- _TASK GOAL_
Images are to be excluded, and the rest of the data repeated exactly.
◆ ◆ ◆ ◆
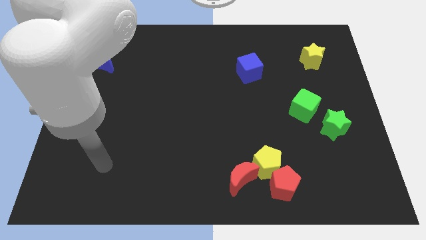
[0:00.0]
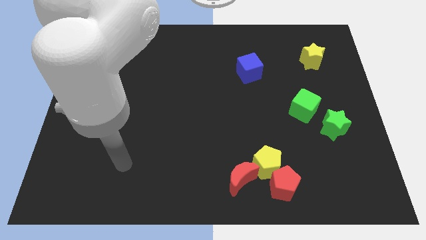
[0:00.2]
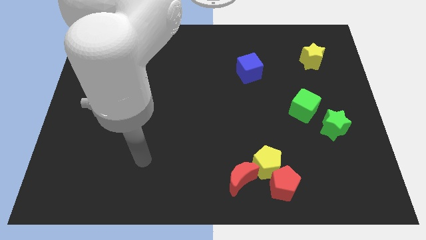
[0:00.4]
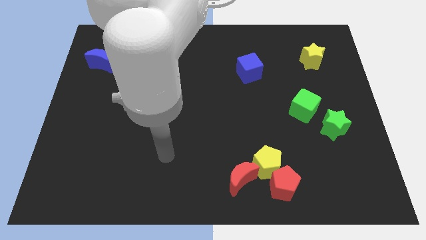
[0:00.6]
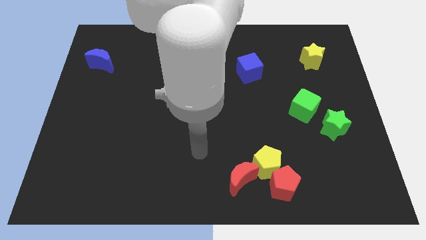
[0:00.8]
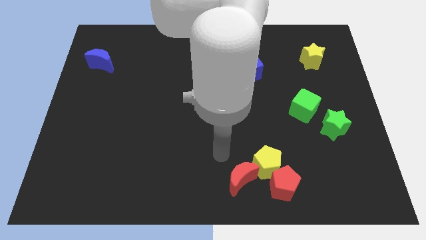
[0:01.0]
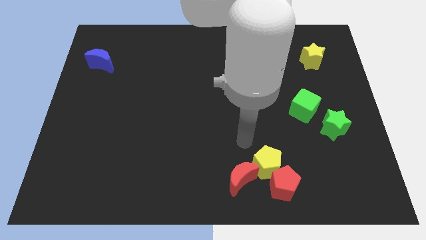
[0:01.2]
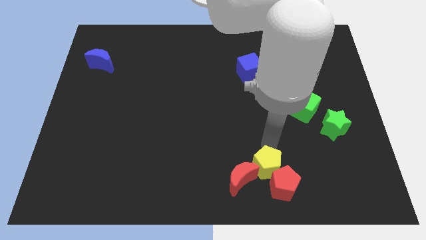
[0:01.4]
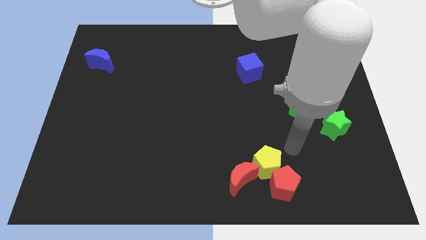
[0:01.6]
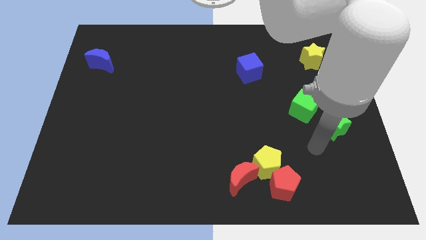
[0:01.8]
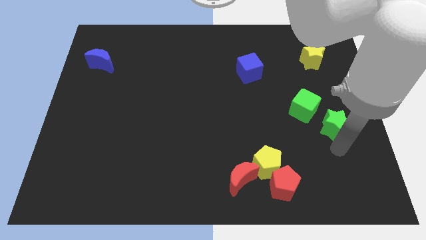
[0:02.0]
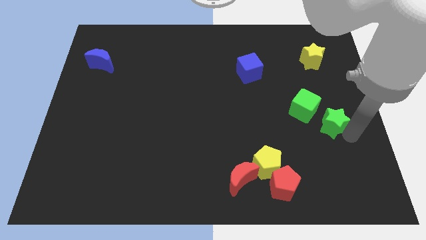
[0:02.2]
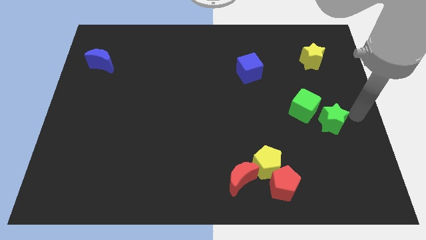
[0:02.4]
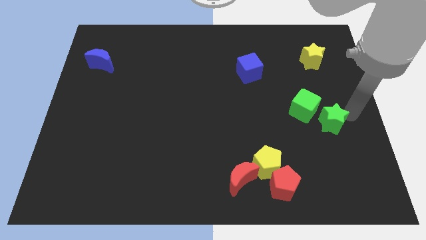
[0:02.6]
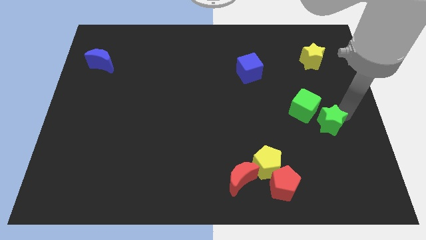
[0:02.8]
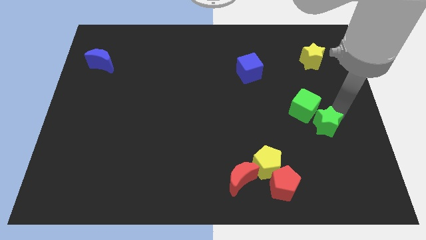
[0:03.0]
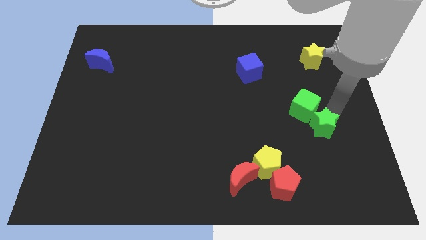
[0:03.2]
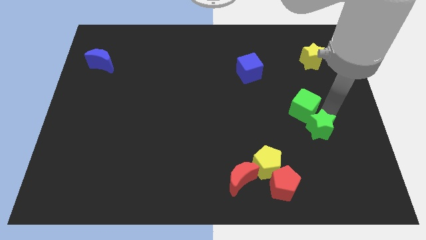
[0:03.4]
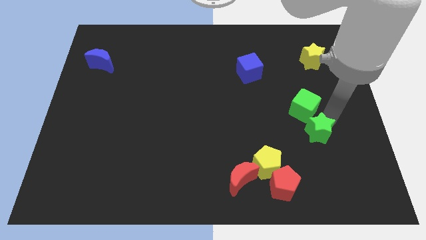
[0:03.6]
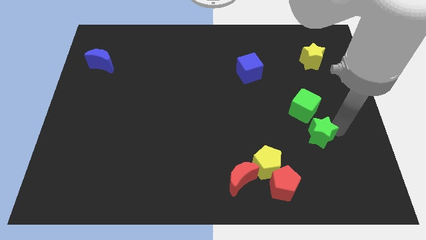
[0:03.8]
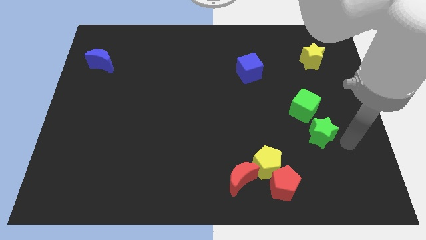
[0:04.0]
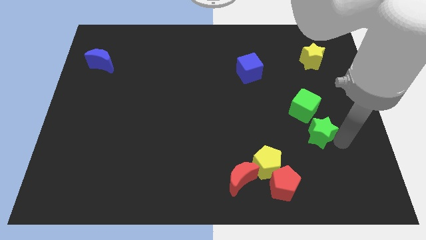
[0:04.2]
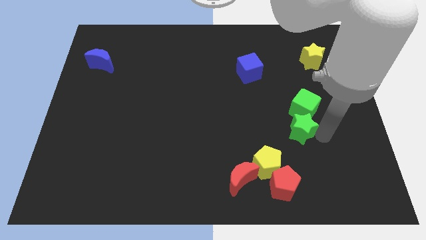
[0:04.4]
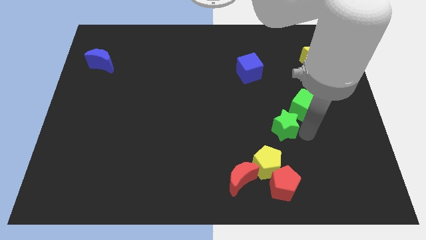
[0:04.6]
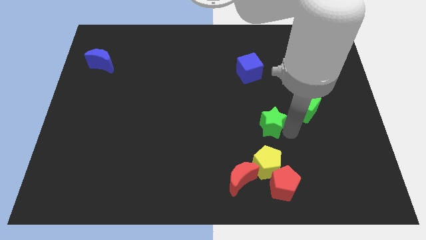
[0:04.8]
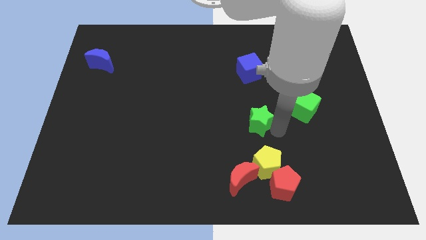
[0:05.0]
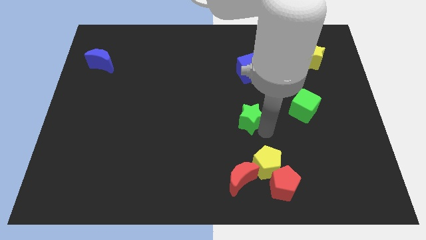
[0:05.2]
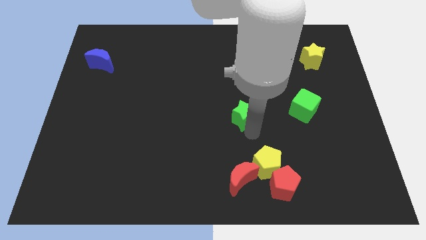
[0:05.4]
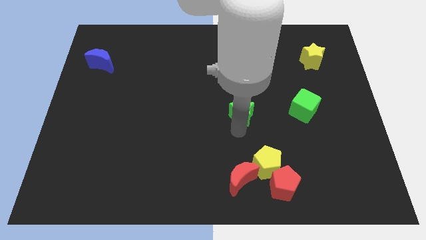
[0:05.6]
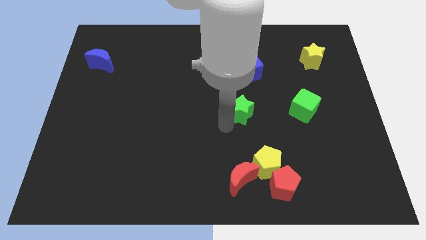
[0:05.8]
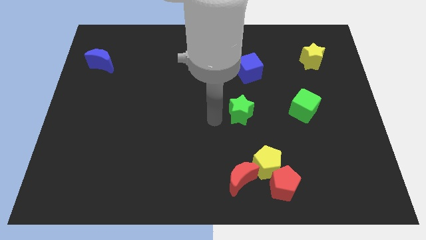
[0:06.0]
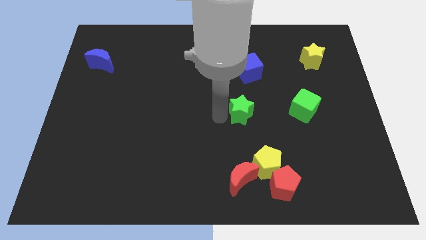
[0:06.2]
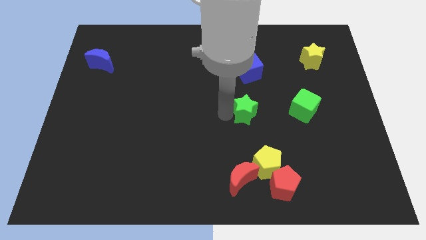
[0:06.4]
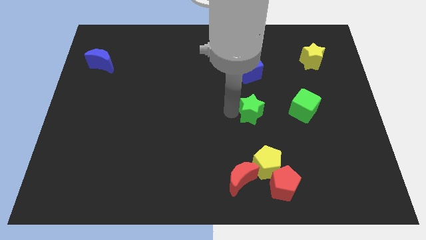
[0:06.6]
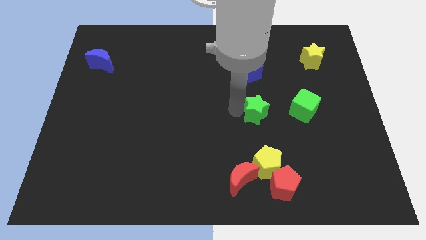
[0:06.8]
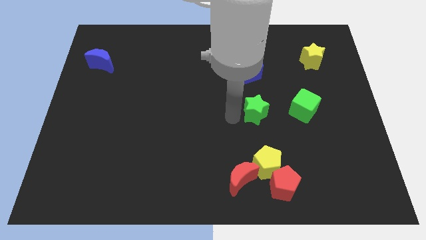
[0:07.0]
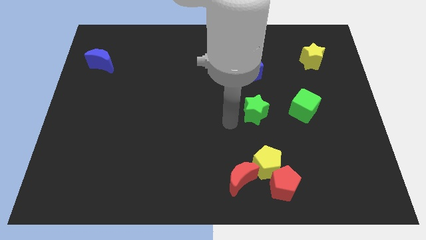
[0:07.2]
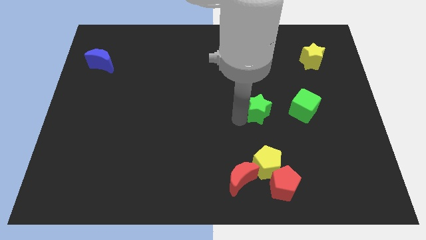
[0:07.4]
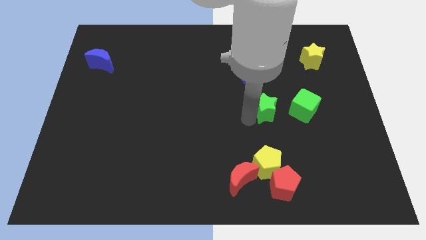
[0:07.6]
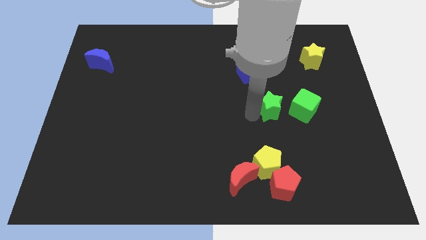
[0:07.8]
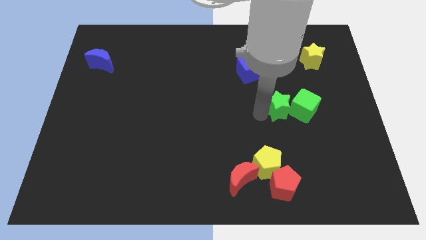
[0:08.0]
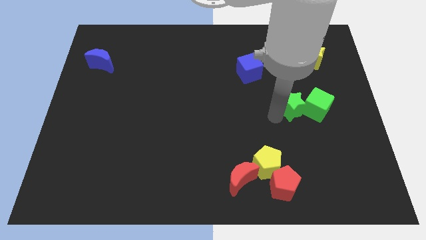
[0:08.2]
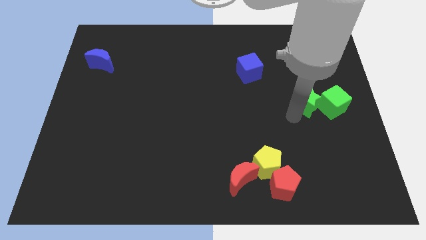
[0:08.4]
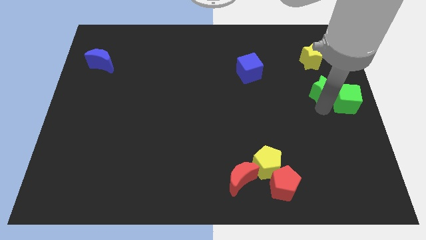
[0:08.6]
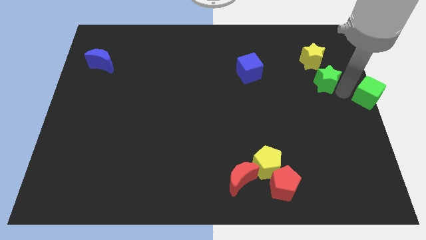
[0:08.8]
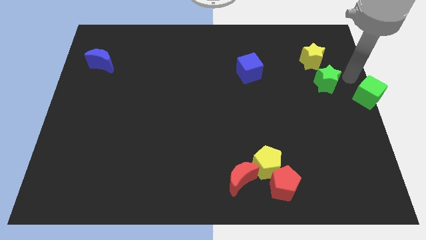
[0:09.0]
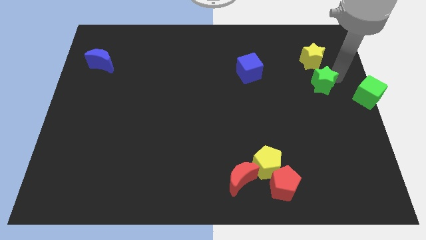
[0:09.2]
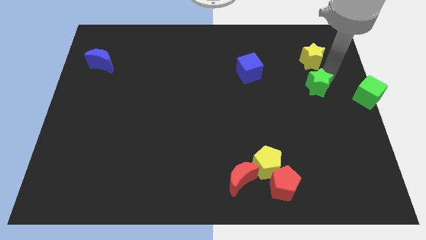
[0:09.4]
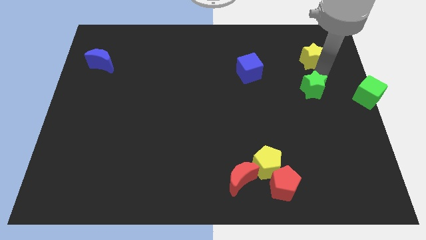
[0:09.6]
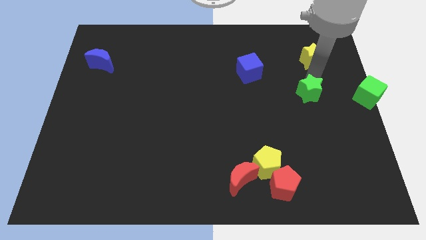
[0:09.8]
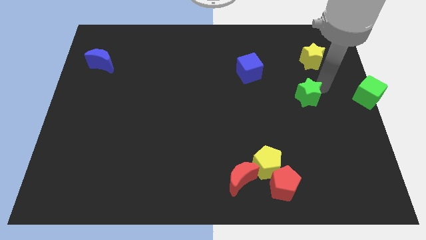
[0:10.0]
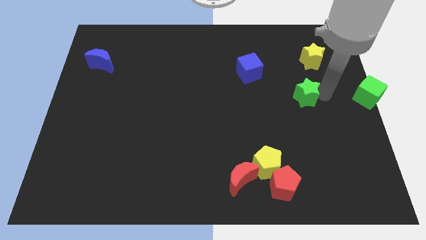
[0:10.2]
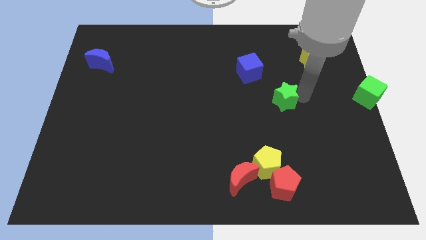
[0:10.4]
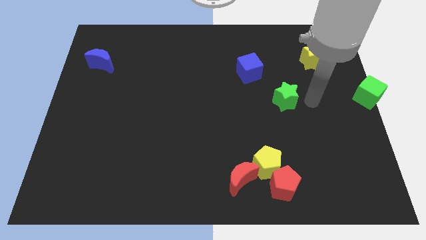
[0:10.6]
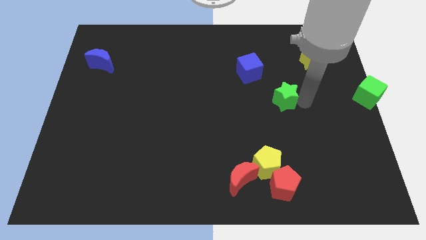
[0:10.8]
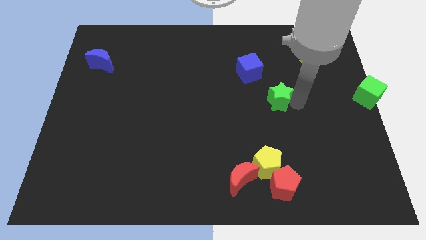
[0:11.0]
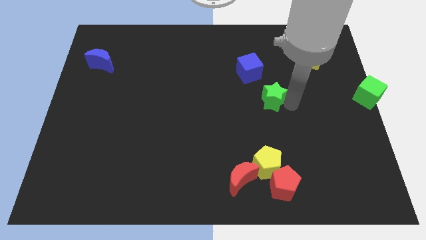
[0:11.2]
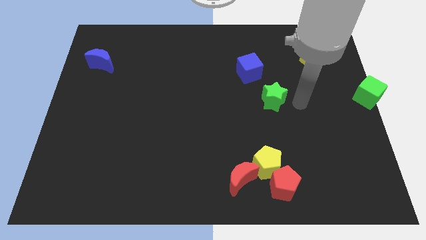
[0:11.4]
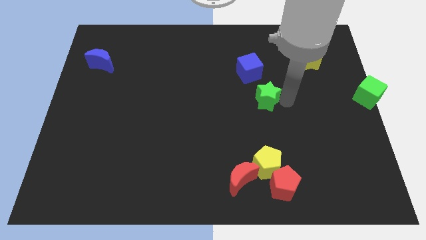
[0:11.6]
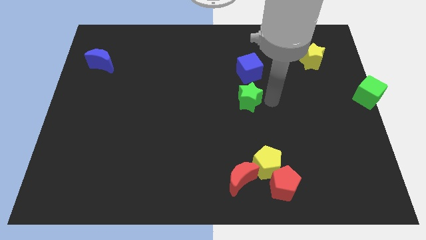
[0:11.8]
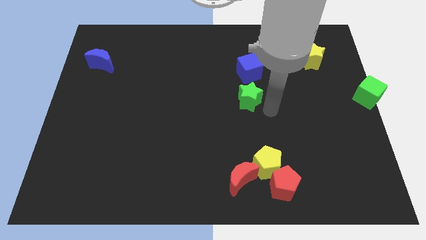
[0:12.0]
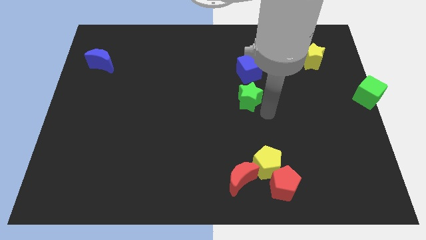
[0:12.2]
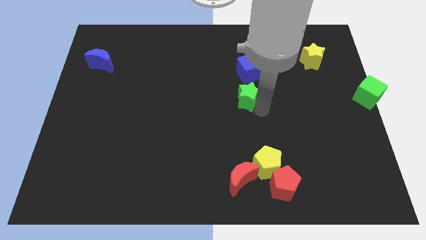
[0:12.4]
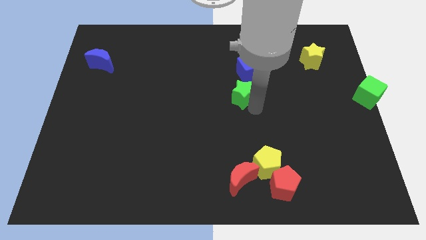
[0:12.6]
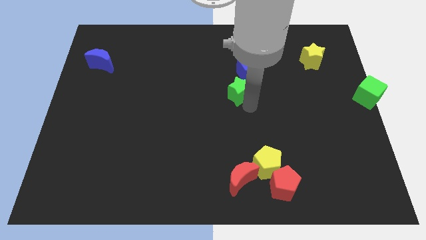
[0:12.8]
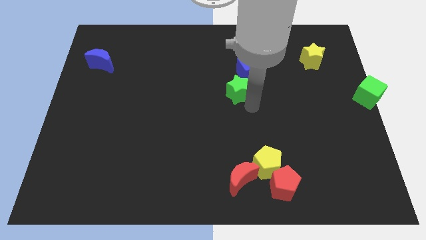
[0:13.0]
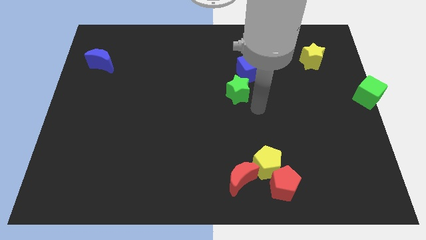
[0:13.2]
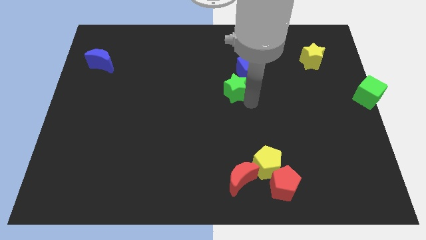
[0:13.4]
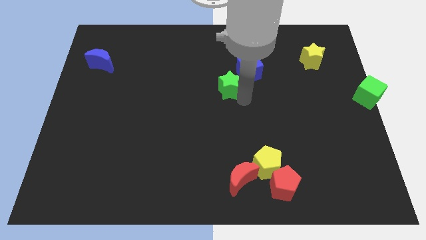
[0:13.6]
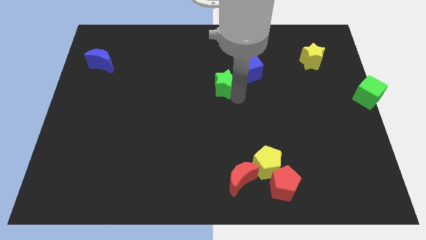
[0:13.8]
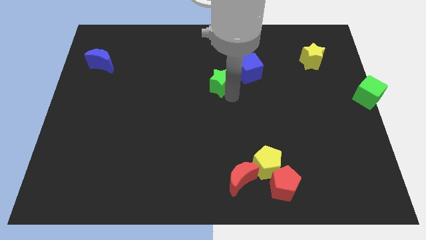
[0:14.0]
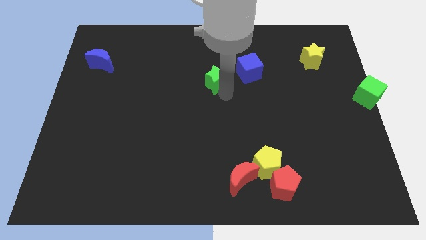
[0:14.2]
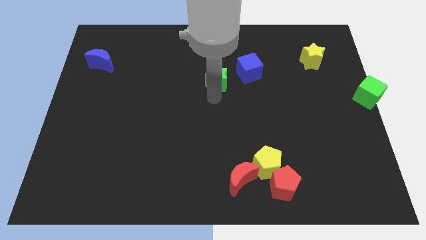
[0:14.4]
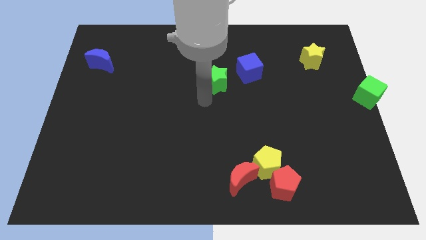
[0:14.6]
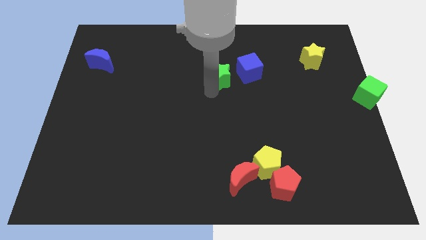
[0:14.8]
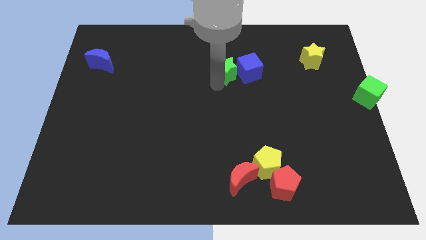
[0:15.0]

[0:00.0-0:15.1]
slide the green star to the top left side of the blue cube
◆ ◆ ◆ ◆
- _EXERCISE OUTPUT_
[0:00.0]
[0:00.2]
[0:00.4]
[0:00.6]
[0:00.8]
[0:01.0]
[0:01.2]
[0:01.4]
[0:01.6]
[0:01.8]
[0:02.0]
[0:02.2]
[0:02.4]
[0:02.6]
[0:02.8]
[0:03.0]
[0:03.2]
[0:03.4]
[0:03.6]
[0:03.8]
[0:04.0]
[0:04.2]
[0:04.4]
[0:04.6]
[0:04.8]
[0:05.0]
[0:05.2]
[0:05.4]
[0:05.6]
[0:05.8]
[0:06.0]
[0:06.2]
[0:06.4]
[0:06.6]
[0:06.8]
[0:07.0]
[0:07.2]
[0:07.4]
[0:07.6]
[0:07.8]
[0:08.0]
[0:08.2]
[0:08.4]
[0:08.6]
[0:08.8]
[0:09.0]
[0:09.2]
[0:09.4]
[0:09.6]
[0:09.8]
[0:10.0]
[0:10.2]
[0:10.4]
[0:10.6]
[0:10.8]
[0:11.0]
[0:11.2]
[0:11.4]
[0:11.6]
[0:11.8]
[0:12.0]
[0:12.2]
[0:12.4]
[0:12.6]
[0:12.8]
[0:13.0]
[0:13.2]
[0:13.4]
[0:13.6]
[0:13.8]
[0:14.0]
[0:14.2]
[0:14.4]
[0:14.6]
[0:14.8]
[0:15.0]

[0:00.0-0:15.1]
slide the green star to the top left side of the blue cube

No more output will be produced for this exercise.